Two days later, the intelligence division of the Joint Chiefs of Staff circulated a secret intelligence assessment to the White House that contradicted the president's forecast.

Instead of a "long retreat," the report forecast a more violent 2007: "Insurgents and terrorists retain the resources and capabilities to sustain and even increase current level of violence through the next year."

A graph included in the assessment measured attacks from May 2003 to May 2006. It showed some significant dips, but the current number of attacks against U.S.-led coalition forces and Iraqi authorities was as high as it had ever been -- exceeding 3,500 a month. [In July the number would be over 4,500.] The assessment also included a pessimistic report on crude oil production, the delivery of electricity and political progress.

On May 26, the Pentagon released an unclassified report to Congress, required by law, that contradicted the Joint Chiefs' secret assessment. The public report sent to Congress said the "appeal and motivation for continued violent action will begin to wane in early 2007."

There was a vast difference between what the White House and Pentagon knew about the situation in Iraq and what they were saying publicly. But the discrepancy was not surprising.
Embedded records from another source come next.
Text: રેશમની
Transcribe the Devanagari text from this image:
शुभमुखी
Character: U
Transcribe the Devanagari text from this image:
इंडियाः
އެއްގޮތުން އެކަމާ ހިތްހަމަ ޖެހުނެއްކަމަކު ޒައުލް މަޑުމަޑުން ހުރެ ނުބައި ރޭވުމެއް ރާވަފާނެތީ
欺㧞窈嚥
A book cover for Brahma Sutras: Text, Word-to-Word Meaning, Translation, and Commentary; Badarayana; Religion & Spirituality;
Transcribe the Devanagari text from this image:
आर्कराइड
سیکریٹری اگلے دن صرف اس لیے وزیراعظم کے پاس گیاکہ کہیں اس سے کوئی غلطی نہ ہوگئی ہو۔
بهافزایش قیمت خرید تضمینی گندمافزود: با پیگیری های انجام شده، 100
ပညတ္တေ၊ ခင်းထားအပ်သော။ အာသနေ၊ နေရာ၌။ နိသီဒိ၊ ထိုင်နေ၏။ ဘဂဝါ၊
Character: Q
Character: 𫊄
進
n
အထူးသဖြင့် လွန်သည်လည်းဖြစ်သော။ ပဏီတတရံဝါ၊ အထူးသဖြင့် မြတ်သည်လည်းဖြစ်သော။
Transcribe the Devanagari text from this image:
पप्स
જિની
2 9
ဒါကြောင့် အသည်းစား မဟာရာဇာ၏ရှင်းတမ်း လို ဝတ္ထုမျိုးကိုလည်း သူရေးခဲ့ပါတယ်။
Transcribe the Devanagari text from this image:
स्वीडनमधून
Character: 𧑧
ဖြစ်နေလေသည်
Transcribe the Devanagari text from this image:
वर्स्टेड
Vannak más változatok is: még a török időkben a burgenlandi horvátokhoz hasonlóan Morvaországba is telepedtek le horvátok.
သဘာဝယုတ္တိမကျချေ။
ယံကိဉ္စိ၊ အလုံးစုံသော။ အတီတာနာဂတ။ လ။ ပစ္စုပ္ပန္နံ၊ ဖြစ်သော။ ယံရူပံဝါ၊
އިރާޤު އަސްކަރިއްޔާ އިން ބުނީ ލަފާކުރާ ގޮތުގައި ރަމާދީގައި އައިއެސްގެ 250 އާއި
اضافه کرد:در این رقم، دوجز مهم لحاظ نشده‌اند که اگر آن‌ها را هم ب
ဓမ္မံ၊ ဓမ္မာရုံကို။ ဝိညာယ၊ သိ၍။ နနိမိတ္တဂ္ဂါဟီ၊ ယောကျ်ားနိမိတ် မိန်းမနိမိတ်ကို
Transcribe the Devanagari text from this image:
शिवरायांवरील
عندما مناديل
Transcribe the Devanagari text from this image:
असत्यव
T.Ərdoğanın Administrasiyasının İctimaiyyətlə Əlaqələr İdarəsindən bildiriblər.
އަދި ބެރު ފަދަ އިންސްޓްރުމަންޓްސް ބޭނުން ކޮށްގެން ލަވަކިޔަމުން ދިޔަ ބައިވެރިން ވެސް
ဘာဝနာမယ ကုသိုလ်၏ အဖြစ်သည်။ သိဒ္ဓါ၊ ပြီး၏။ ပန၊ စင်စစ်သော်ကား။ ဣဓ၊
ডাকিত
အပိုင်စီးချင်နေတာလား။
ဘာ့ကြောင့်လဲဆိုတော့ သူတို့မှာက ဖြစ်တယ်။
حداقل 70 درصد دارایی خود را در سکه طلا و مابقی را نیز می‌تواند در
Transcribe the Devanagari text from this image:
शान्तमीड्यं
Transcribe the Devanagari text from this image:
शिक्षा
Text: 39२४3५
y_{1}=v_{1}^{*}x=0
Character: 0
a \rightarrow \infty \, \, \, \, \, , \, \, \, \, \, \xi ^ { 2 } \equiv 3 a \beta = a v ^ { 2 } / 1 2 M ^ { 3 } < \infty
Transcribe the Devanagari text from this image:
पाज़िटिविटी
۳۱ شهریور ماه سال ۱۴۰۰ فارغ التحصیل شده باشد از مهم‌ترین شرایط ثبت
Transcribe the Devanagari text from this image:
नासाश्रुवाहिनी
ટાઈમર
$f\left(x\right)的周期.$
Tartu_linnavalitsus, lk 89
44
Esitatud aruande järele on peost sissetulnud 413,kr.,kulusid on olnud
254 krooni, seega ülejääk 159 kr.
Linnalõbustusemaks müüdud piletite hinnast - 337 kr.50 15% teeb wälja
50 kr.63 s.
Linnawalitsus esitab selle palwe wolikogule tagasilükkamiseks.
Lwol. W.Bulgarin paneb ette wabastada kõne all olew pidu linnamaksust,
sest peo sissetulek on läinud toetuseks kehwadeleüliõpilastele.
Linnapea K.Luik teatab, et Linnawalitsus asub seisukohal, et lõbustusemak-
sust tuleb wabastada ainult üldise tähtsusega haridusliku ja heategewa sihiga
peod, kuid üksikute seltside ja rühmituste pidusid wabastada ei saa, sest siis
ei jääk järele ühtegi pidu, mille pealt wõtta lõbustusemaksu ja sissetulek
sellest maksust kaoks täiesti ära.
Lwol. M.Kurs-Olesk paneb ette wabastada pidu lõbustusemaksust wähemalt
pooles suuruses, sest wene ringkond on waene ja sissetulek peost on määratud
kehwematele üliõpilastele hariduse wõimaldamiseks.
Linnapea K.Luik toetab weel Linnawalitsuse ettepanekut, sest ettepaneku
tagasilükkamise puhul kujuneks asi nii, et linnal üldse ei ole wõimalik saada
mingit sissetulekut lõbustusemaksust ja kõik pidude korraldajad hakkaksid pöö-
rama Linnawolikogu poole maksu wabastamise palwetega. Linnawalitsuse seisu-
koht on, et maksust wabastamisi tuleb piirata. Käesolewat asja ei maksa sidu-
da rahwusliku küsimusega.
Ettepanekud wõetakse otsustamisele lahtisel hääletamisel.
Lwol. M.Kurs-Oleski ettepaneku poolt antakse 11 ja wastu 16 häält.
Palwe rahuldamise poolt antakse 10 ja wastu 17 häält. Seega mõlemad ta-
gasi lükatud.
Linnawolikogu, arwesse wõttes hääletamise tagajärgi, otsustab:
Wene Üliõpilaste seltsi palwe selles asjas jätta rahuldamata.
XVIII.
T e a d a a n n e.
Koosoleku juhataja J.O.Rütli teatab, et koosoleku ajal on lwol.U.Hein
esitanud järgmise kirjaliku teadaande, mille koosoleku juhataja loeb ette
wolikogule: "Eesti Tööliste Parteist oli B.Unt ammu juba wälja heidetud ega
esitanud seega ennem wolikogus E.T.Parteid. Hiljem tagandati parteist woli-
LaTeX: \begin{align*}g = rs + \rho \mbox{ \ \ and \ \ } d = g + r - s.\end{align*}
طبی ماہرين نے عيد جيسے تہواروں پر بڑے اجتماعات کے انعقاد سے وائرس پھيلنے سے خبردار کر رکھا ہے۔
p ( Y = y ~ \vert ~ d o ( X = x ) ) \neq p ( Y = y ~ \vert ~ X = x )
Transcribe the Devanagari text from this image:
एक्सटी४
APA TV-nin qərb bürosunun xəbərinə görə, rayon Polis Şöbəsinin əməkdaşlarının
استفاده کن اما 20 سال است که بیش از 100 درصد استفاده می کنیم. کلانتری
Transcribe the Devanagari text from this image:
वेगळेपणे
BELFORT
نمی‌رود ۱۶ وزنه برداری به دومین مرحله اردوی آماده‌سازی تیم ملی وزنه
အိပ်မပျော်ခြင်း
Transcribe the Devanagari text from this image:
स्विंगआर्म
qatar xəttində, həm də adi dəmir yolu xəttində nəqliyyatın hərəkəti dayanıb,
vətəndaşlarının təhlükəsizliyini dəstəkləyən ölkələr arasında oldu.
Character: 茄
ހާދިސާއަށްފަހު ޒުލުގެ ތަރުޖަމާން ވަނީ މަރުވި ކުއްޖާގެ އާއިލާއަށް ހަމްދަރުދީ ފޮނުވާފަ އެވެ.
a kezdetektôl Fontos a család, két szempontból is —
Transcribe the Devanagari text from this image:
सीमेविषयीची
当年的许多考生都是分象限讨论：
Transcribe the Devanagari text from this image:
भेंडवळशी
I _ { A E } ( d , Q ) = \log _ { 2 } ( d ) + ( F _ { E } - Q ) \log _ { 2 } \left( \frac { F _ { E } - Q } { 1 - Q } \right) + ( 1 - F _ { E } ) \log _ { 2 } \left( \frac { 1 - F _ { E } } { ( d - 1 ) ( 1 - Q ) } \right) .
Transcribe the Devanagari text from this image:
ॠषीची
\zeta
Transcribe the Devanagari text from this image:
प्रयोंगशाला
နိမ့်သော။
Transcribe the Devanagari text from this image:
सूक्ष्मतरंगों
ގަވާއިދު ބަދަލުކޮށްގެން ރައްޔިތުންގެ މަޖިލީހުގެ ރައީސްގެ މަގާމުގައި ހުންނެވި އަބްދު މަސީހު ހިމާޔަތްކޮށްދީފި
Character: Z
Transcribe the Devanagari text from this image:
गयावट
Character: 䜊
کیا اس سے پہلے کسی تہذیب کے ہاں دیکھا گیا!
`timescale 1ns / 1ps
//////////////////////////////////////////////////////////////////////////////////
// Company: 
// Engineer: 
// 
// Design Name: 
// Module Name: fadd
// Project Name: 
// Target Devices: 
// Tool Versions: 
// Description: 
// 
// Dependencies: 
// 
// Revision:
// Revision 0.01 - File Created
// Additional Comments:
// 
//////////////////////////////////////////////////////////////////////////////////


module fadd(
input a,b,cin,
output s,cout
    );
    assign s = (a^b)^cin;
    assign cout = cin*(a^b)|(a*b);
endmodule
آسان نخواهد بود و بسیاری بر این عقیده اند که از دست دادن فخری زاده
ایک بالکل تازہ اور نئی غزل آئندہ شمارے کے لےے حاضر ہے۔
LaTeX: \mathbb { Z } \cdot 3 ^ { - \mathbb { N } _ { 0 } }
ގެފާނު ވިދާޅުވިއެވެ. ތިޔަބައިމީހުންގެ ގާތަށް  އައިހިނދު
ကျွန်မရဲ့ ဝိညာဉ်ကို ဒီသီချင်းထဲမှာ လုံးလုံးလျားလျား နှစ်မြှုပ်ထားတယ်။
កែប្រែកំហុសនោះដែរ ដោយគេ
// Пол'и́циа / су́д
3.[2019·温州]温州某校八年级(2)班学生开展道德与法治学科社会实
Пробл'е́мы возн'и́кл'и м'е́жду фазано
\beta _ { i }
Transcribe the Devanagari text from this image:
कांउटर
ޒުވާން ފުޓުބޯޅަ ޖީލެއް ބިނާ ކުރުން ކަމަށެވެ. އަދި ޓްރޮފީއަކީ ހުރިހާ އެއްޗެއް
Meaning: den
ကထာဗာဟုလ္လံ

In memos, reports and internal debates, high-level officials of the Bush administration have voiced their concern about the United States' ability to bring peace and stability to Iraq since early in the occupation.

[The release last week of portions of a National Intelligence Estimate concluding that the war in Iraq has become a primary recruitment vehicle for terrorists -- following a series of upbeat speeches by the president -- presented a similar contrast.]

'Three tragic decisions'
On June 18, 2003, Jay Garner went to see Defense Secretary Donald H. Rumsfeld to report on his brief tenure in Iraq as head of the postwar planning office. Throughout the invasion and the early days of the war, Garner, a retired Army lieutenant general, had struggled just to get his team into Iraq. Two days after he arrived, Rumsfeld called to tell him that L. Paul "Jerry" Bremer, a 61-year-old terrorism expert and protege of Henry A. Kissinger, would be coming over as the presidential envoy, effectively replacing Garner.

 
"We've made three tragic decisions," Garner told Rumsfeld.

"Really?" Rumsfeld asked.

"Three terrible mistakes," Garner said.

He cited the first two orders Bremer signed when he arrived, the first one banning as many as 50,000 members of Saddam Hussein's Baath Party from government jobs and the second disbanding the Iraqi military. Now there were hundreds of thousands of disorganized, unemployed, armed Iraqis running around.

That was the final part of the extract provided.